Scanner vs. RidgeBot™ = Vulnerability vs. Exploit

by | Jul 28, 2020 | AI in Automated Pen Test

In our previous introductions to our product, we emphasized on how RidgeBot™ not only finds vulnerabilities of the system, but also uses proof of concept to test the vulnerabilities in order to find possible exploits. A natural question that arises would be the difference between vulnerabilities and exploits and why such difference matters in modern cybersecurity and sets RidgeBot™ apart from our competitions.

A vulnerability is a weakness in a system, or some software in a system, that the attacker could potentially abuse to bypass the system’s security infrastructures. Often when we use a vulnerability scanner, we will see a myriad of vulnerabilities in the report. For example, in memory unsafe languages like C, a buffer that fails to check its boundary is a vulnerability, as attackers could potentially overwrite the memory spaces above said buffer. While vulnerability will pose a significant problem, as its definition suggests, it is merely a potential attack target, meaning that out of these vulnerabilities, only 3% will result in an exploit.

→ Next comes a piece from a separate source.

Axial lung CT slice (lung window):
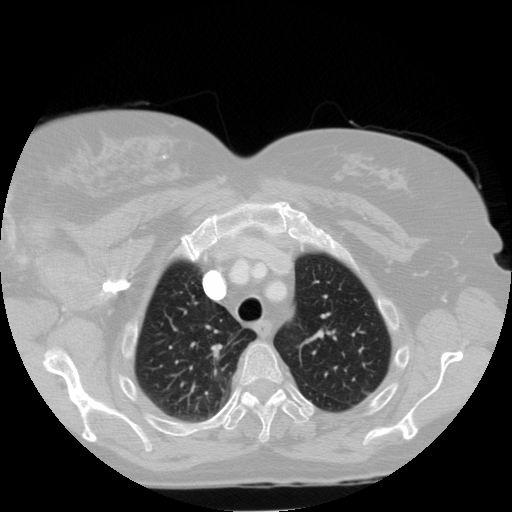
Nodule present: no

Exploit by definition is the act of trying to turn a vulnerability (a weakness) into an actual way to breach a system. Unlike vulnerabilities, which pose a potential for adversaries to attack the system, exploits will cause real damage to the system, stealing valuable information and resulting in massive financial loss. In the above example, the adversary’s actions to actually use the vulnerability to overwrite memory fragments constitutes a buffer overflow exploit.

       With a clear understanding of the difference between the vulnerability and exploit, it is easier to set RidgeBot™ apart from the scanners.  RidgeBot™ is an ethical hacking tool which performs real exploits, advanced iterative attacks and post exploitation activities. While a scanner is able to find most vulnerabilities in a system, it does little validation which results in a high false positive rate and an unrealistic risk picture. Many of said vulnerabilities are low risk, i.e. they are infeasible or even impossible for an attacker to exploit. But a scanner does not distinguish exploitable vs. unexploitable vulnerabilities: it will always recommend a thorough patching of all vulnerabilities it finds, which in a realistic setting would be highly time-consuming and inefficient.

Therefore, security testing shall not just stop at “vulnerability scanning”, the “validation (a.k.a Exploit validation) is imperative under today’s cyber environment. In addition to vulnerability scanning, RidgeBot™ will run real PoC exploits, and additional iterative exploits with new information in order to verify the risk of a vulnerability. In the report, we call the exploited vulnerabilities “business risks” and prioritize their patching; we categorize said vulnerability as High/Medium/Low, and will patch them in this order. As a result, RidgeBot™ has zero false positive rate and saves valuable time for our users while guaranteeing the same level of security as an average vulnerability scanner.